[Data excerpts]

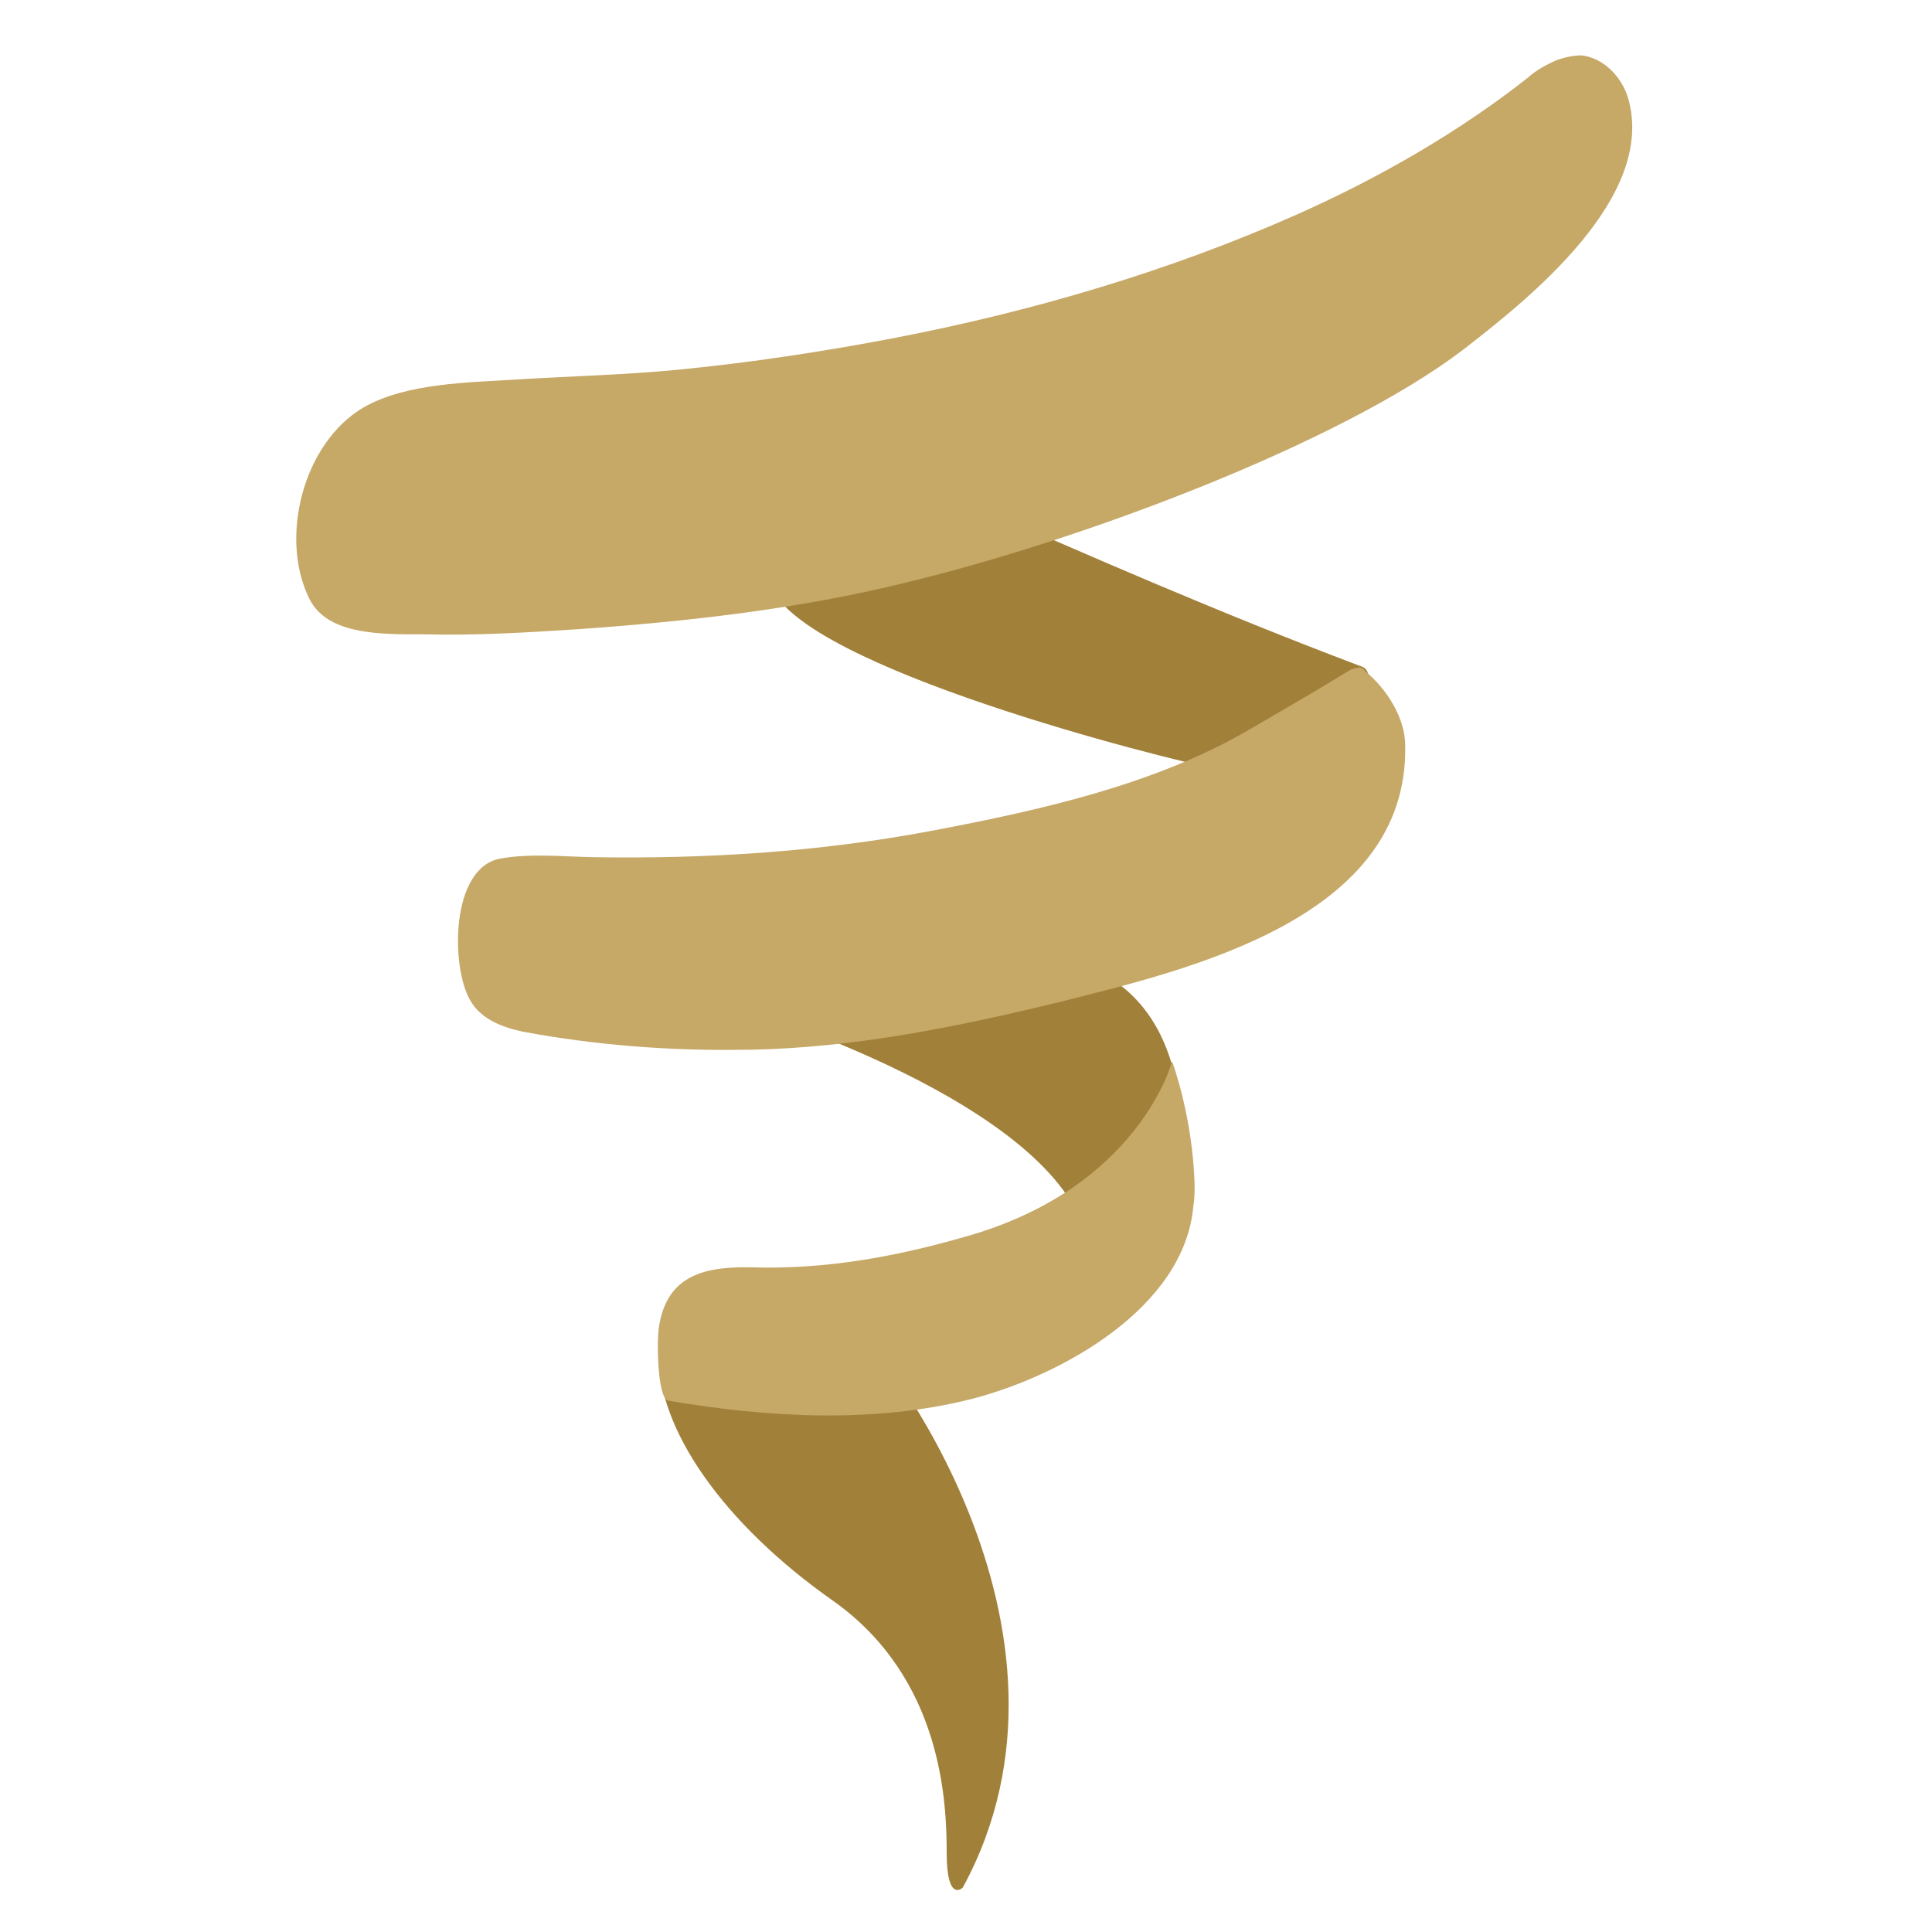 <?xml version="1.0" encoding="UTF-8"?>
<svg id="Layer_1" data-name="Layer 1" xmlns="http://www.w3.org/2000/svg" version="1.1" viewBox="0 0 300 300">
  <defs>
    <style>
      .cls-1 {
        fill: #a18039;
      }

      .cls-1, .cls-2 {
        stroke-width: 0px;
      }

      .cls-2 {
        fill: #c6a867;
      }
    </style>
  </defs>
  <path class="cls-1" d="M133.7,207.3c2,.7,37.8,45.4,15.8,85.8,0,0-2.5,2.5-2.5-5.4s-.7-27.1-17.6-39.1c-17.1-12-27.4-26.8-27.1-38.5.2-11.5,31.4-2.8,31.4-2.8Z"/>
  <path class="cls-1" d="M183.1,172.3s0-26.3-28.4-23.8c-28.4,2.5-39.1-.2-39.1-.2v8.4s48.2,14.5,53.2,35.7l14.3-20Z"/>
  <path class="cls-2" d="M103.8,217.5c15.3,2.6,31.9,3.6,47.2-.3,13.8-3.6,32.9-14.1,34.3-29.9.2-1.2.2-2.1.2-3.3-.3-10.7-3.5-19.2-3.5-19.2,0,0-5.1,19.9-32.7,27.4-10.5,3-21.2,4.9-32.2,4.6-7.4-.2-13.6,1-14.8,9.4-.3,1.6-.3,11,1.5,11.3Z"/>
  <path class="cls-1" d="M189.7,119.5c-1.2.2-57.7-13.3-68.5-26.1l27.9-15.9c20.4,9,40.9,17.9,61.8,25.8.7.2,1.3.5,1.5,1.2.2.5-.2,1-.5,1.3-2.8,4.3-8.9,6.9-13.3,9.2-2.6,1.6-5.9,4.1-8.9,4.6Z"/>
  <path class="cls-2" d="M210.9,103.6c.5,0,.8.3,1.2.7,3.3,2.8,6.1,7.2,6.1,11.5.5,26.8-33.4,34.7-53.7,39.8-15.6,3.8-31.7,7.1-48,7.4h-.8c-11.7.2-23.2-.7-34.5-2.8-3.3-.7-6.6-2-8.2-4.9-3-5.1-3.1-20.7,4.8-22,4.6-.8,9.5-.3,14.1-.2,17.7.3,35.3-.8,52.8-4.1,16.4-3.1,34.5-7.1,49.1-15.6,5.3-3.1,10.7-6.2,15.9-9.4.5-.2.8-.3,1.3-.3Z"/>
  <path class="cls-2" d="M241.8,9.3c-1.6.7-3.3,1.6-4.6,2.8-10.8,8.5-23.2,15.6-35.8,21.2-19.6,8.7-40.8,15-62.6,19.2-11,2.1-22.2,3.8-33.4,4.9-8.2.8-16.4,1-24.7,1.5-7.6.5-17.6.5-24.3,4.4-9.2,5.4-13.1,20-8.4,29.6,2.8,5.8,11.3,5.6,18.1,5.6,7.9.2,15.9-.3,23.7-.8,16.9-1.2,34-3.1,50.3-7.1,28.1-6.7,68.2-21.9,87.1-36.3,10.2-7.9,30.1-23.7,25.6-39.1-1-3.3-3.8-6.2-7.2-6.6-1.3,0-2.6.3-3.8.7Z"/>
</svg>

[/Data excerpts]

Task prompt — An unchanged copy of the data, images excluded, is all that should be given.

Your response —
 <?xml version="1.0" encoding="UTF-8"?>
<svg id="Layer_1" data-name="Layer 1" xmlns="http://www.w3.org/2000/svg" version="1.1" viewBox="0 0 300 300">
  <defs>
    <style>
      .cls-1 {
        fill: #a18039;
      }

      .cls-1, .cls-2 {
        stroke-width: 0px;
      }

      .cls-2 {
        fill: #c6a867;
      }
    </style>
  </defs>
  <path class="cls-1" d="M133.7,207.3c2,.7,37.8,45.4,15.8,85.8,0,0-2.5,2.5-2.5-5.4s-.7-27.1-17.6-39.1c-17.1-12-27.4-26.8-27.1-38.5.2-11.5,31.4-2.8,31.4-2.8Z"/>
  <path class="cls-1" d="M183.1,172.3s0-26.3-28.4-23.8c-28.4,2.5-39.1-.2-39.1-.2v8.4s48.2,14.5,53.2,35.7l14.3-20Z"/>
  <path class="cls-2" d="M103.8,217.5c15.3,2.6,31.9,3.6,47.2-.3,13.8-3.6,32.9-14.1,34.3-29.9.2-1.2.2-2.1.2-3.3-.3-10.7-3.5-19.2-3.5-19.2,0,0-5.1,19.9-32.7,27.4-10.5,3-21.2,4.9-32.2,4.6-7.4-.2-13.6,1-14.8,9.4-.3,1.6-.3,11,1.5,11.3Z"/>
  <path class="cls-1" d="M189.7,119.5c-1.2.2-57.7-13.3-68.5-26.1l27.9-15.9c20.4,9,40.9,17.9,61.8,25.8.7.2,1.3.5,1.5,1.2.2.5-.2,1-.5,1.3-2.8,4.3-8.9,6.9-13.3,9.2-2.6,1.6-5.9,4.1-8.9,4.6Z"/>
  <path class="cls-2" d="M210.9,103.6c.5,0,.8.3,1.2.7,3.3,2.8,6.1,7.2,6.1,11.5.5,26.8-33.4,34.7-53.7,39.8-15.6,3.8-31.7,7.1-48,7.4h-.8c-11.7.2-23.2-.7-34.5-2.8-3.3-.7-6.6-2-8.2-4.9-3-5.1-3.1-20.7,4.8-22,4.6-.8,9.5-.3,14.1-.2,17.7.3,35.3-.8,52.8-4.1,16.4-3.1,34.5-7.1,49.1-15.6,5.3-3.1,10.7-6.2,15.9-9.4.5-.2.8-.3,1.3-.3Z"/>
  <path class="cls-2" d="M241.8,9.3c-1.6.7-3.3,1.6-4.6,2.8-10.8,8.5-23.2,15.6-35.8,21.2-19.6,8.7-40.8,15-62.6,19.2-11,2.1-22.2,3.8-33.4,4.9-8.2.8-16.4,1-24.7,1.5-7.6.5-17.6.5-24.3,4.4-9.2,5.4-13.1,20-8.4,29.6,2.8,5.8,11.3,5.6,18.1,5.6,7.9.2,15.9-.3,23.7-.8,16.9-1.2,34-3.1,50.3-7.1,28.1-6.7,68.2-21.9,87.1-36.3,10.2-7.9,30.1-23.7,25.6-39.1-1-3.3-3.8-6.2-7.2-6.6-1.3,0-2.6.3-3.8.7Z"/>
</svg>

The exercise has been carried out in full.